• **Work instructions**
Give the data again exactly as written, without any of its pictures.
--- The data Enclosed Below ---
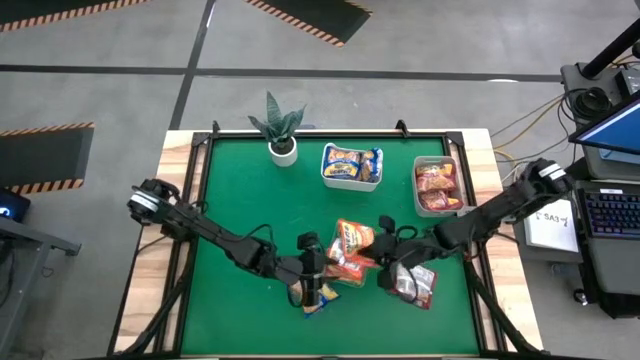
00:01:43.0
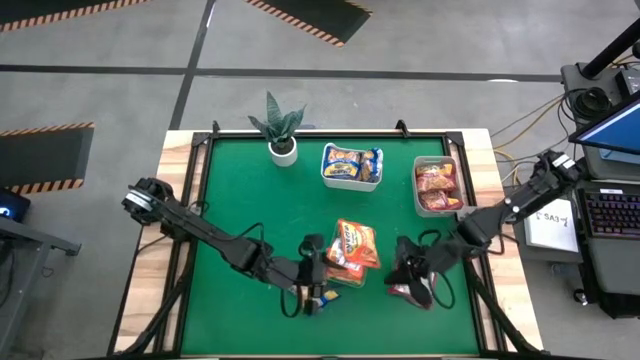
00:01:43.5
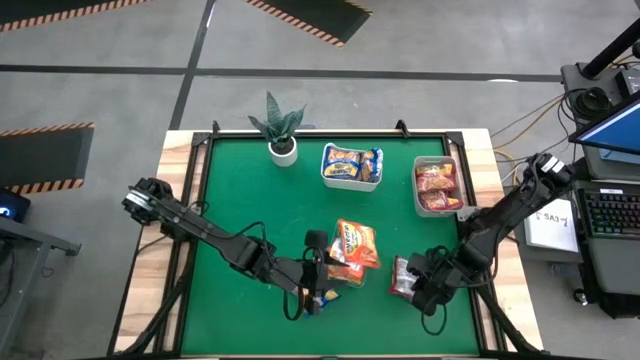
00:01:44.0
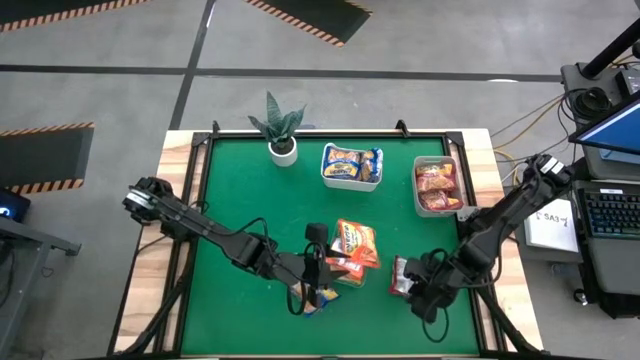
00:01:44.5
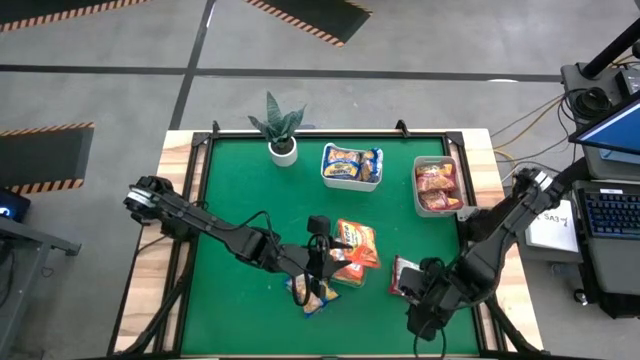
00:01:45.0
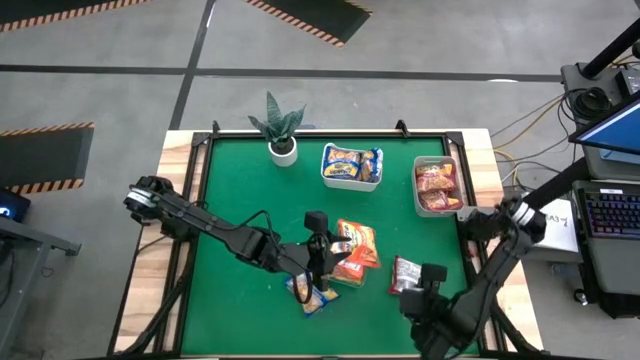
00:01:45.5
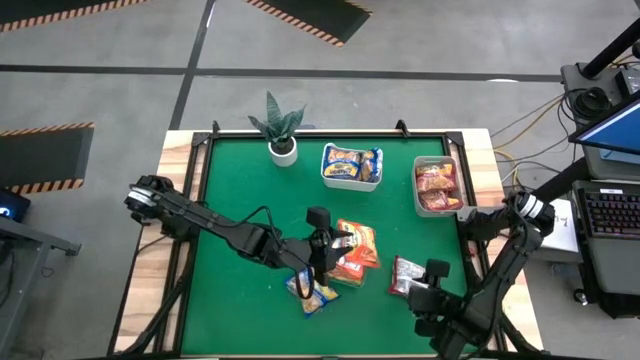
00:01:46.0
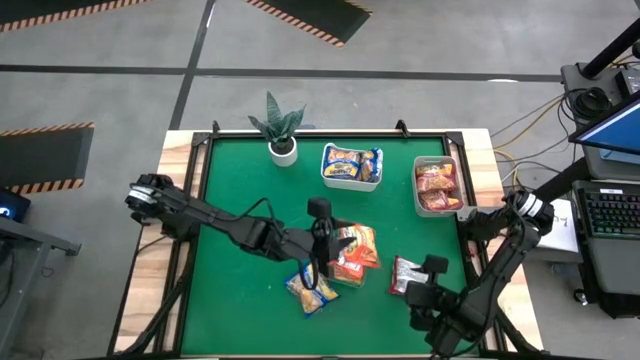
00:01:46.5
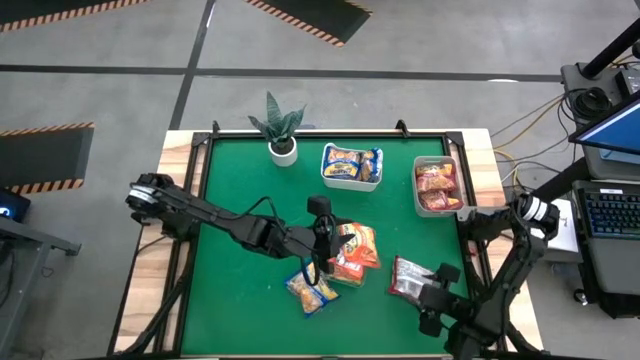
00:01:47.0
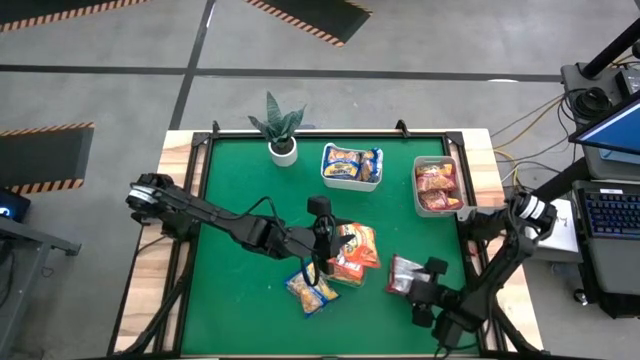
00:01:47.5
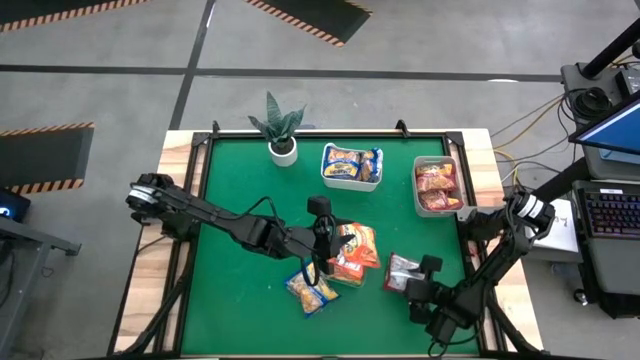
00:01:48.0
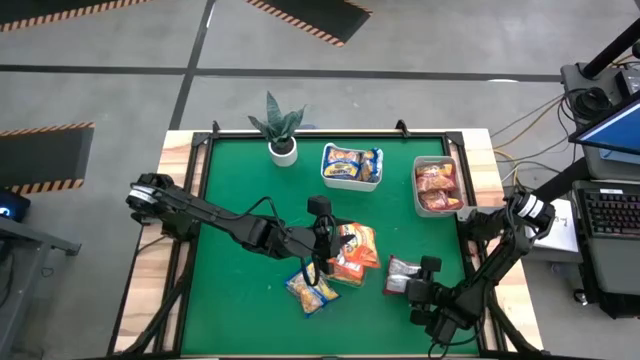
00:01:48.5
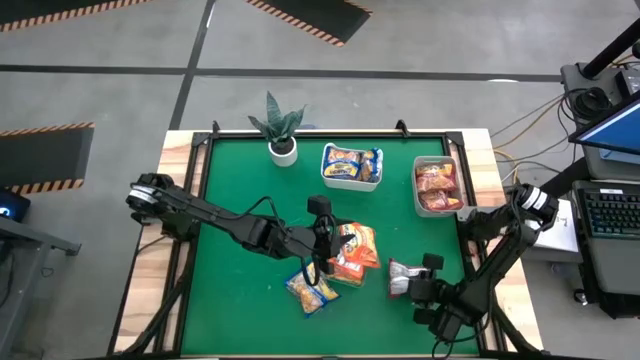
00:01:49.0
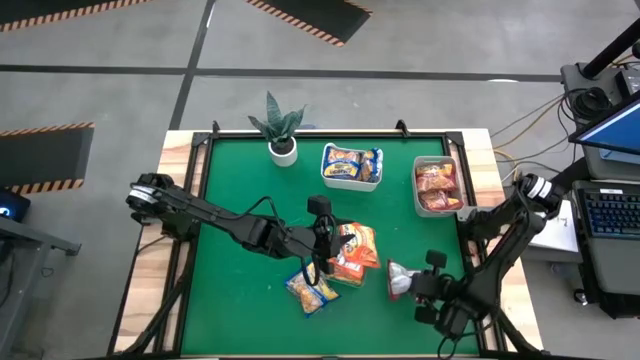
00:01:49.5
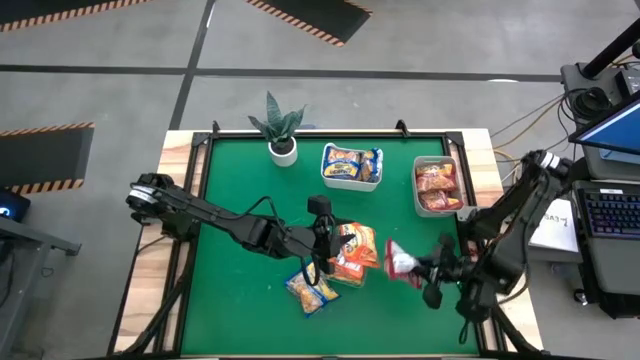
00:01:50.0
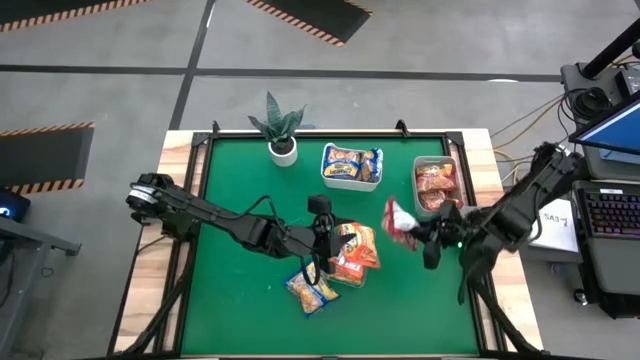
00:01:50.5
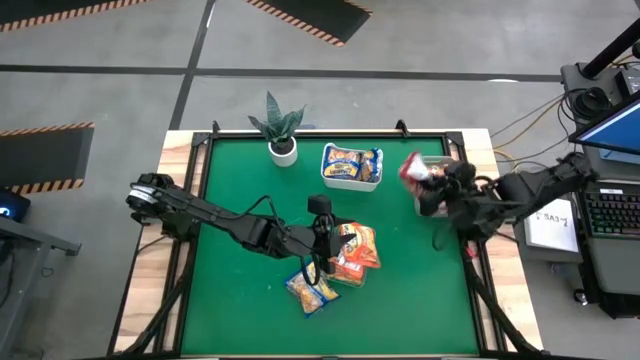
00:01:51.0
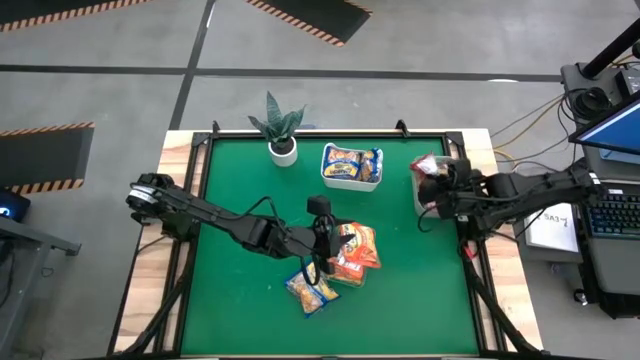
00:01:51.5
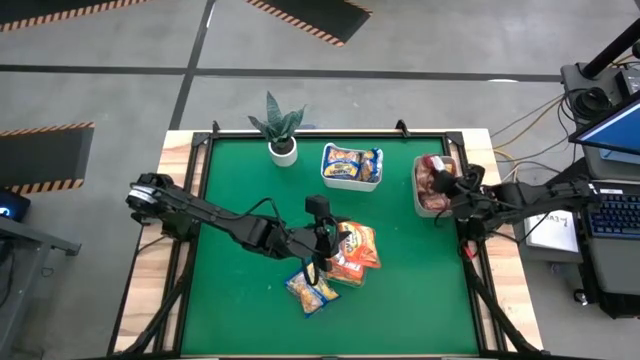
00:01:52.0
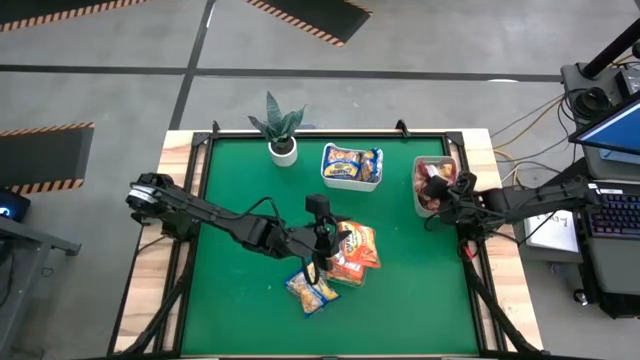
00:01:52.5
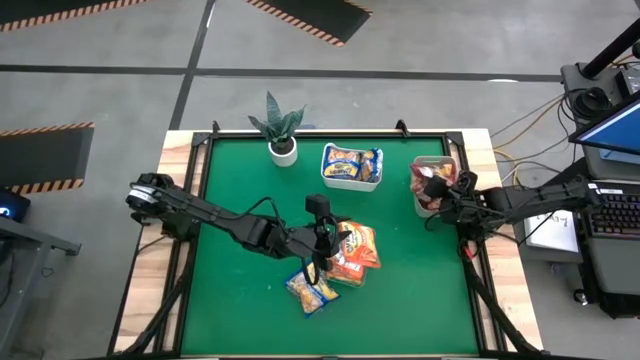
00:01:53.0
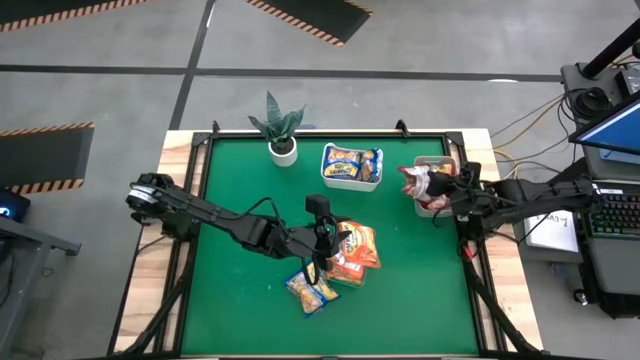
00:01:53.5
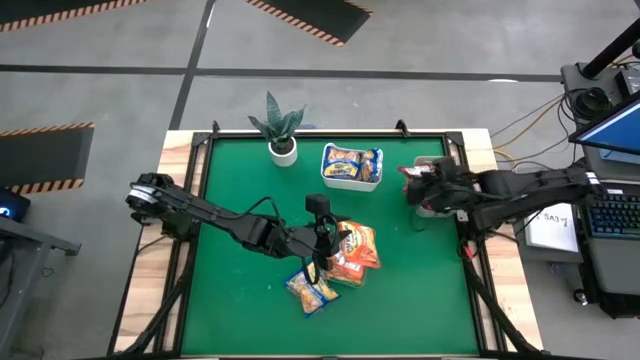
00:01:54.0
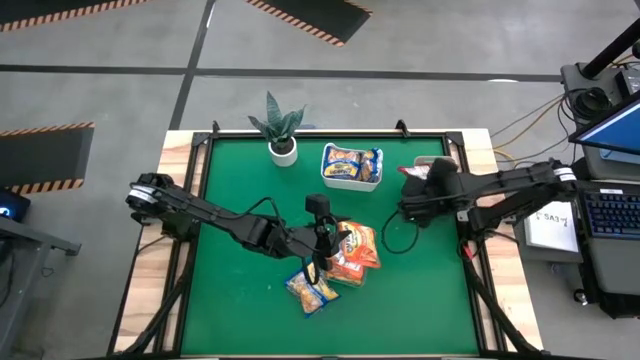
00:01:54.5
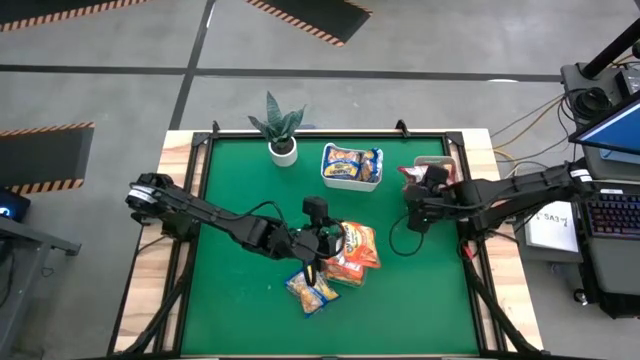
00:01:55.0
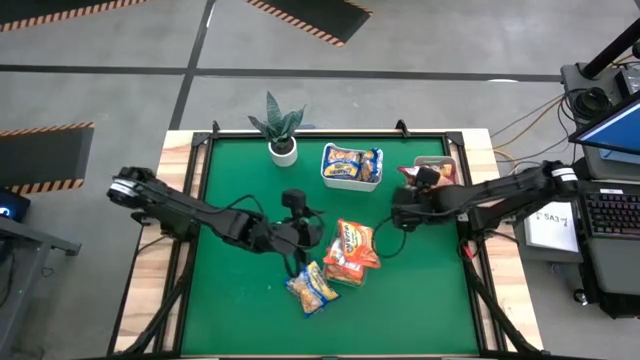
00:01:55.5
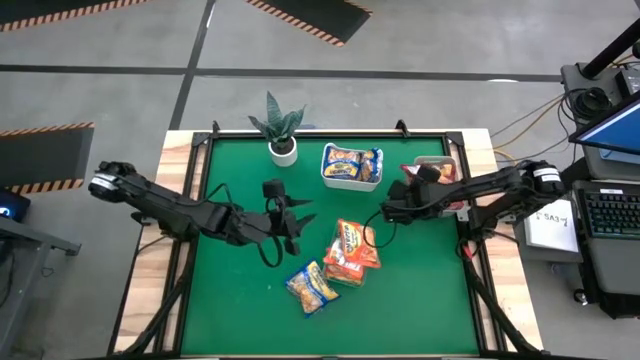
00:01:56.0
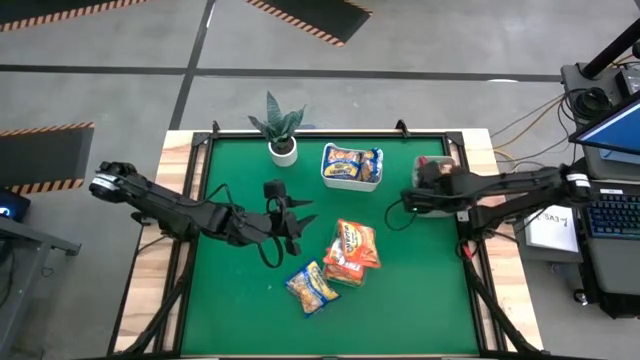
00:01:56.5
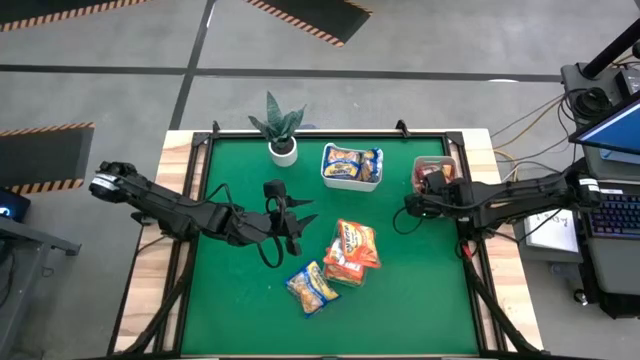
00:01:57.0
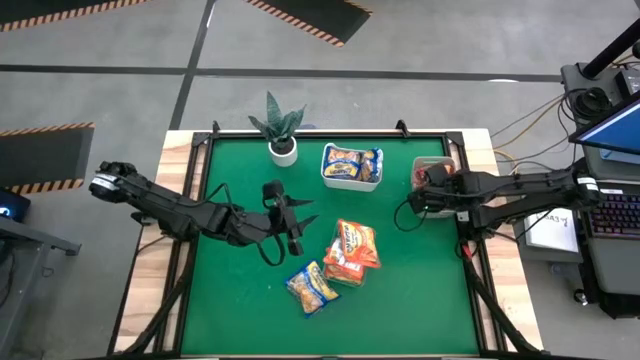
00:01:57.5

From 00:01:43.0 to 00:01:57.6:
Task: Sort Maruchan noodles
Put the red noodle pack into the gray bin
--- End of Enclosed The data ---
• **Answer for the task**
00:01:43.0
00:01:43.5
00:01:44.0
00:01:44.5
00:01:45.0
00:01:45.5
00:01:46.0
00:01:46.5
00:01:47.0
00:01:47.5
00:01:48.0
00:01:48.5
00:01:49.0
00:01:49.5
00:01:50.0
00:01:50.5
00:01:51.0
00:01:51.5
00:01:52.0
00:01:52.5
00:01:53.0
00:01:53.5
00:01:54.0
00:01:54.5
00:01:55.0
00:01:55.5
00:01:56.0
00:01:56.5
00:01:57.0
00:01:57.5

From 00:01:43.0 to 00:01:57.6:
Task: Sort Maruchan noodles
Put the red noodle pack into the gray bin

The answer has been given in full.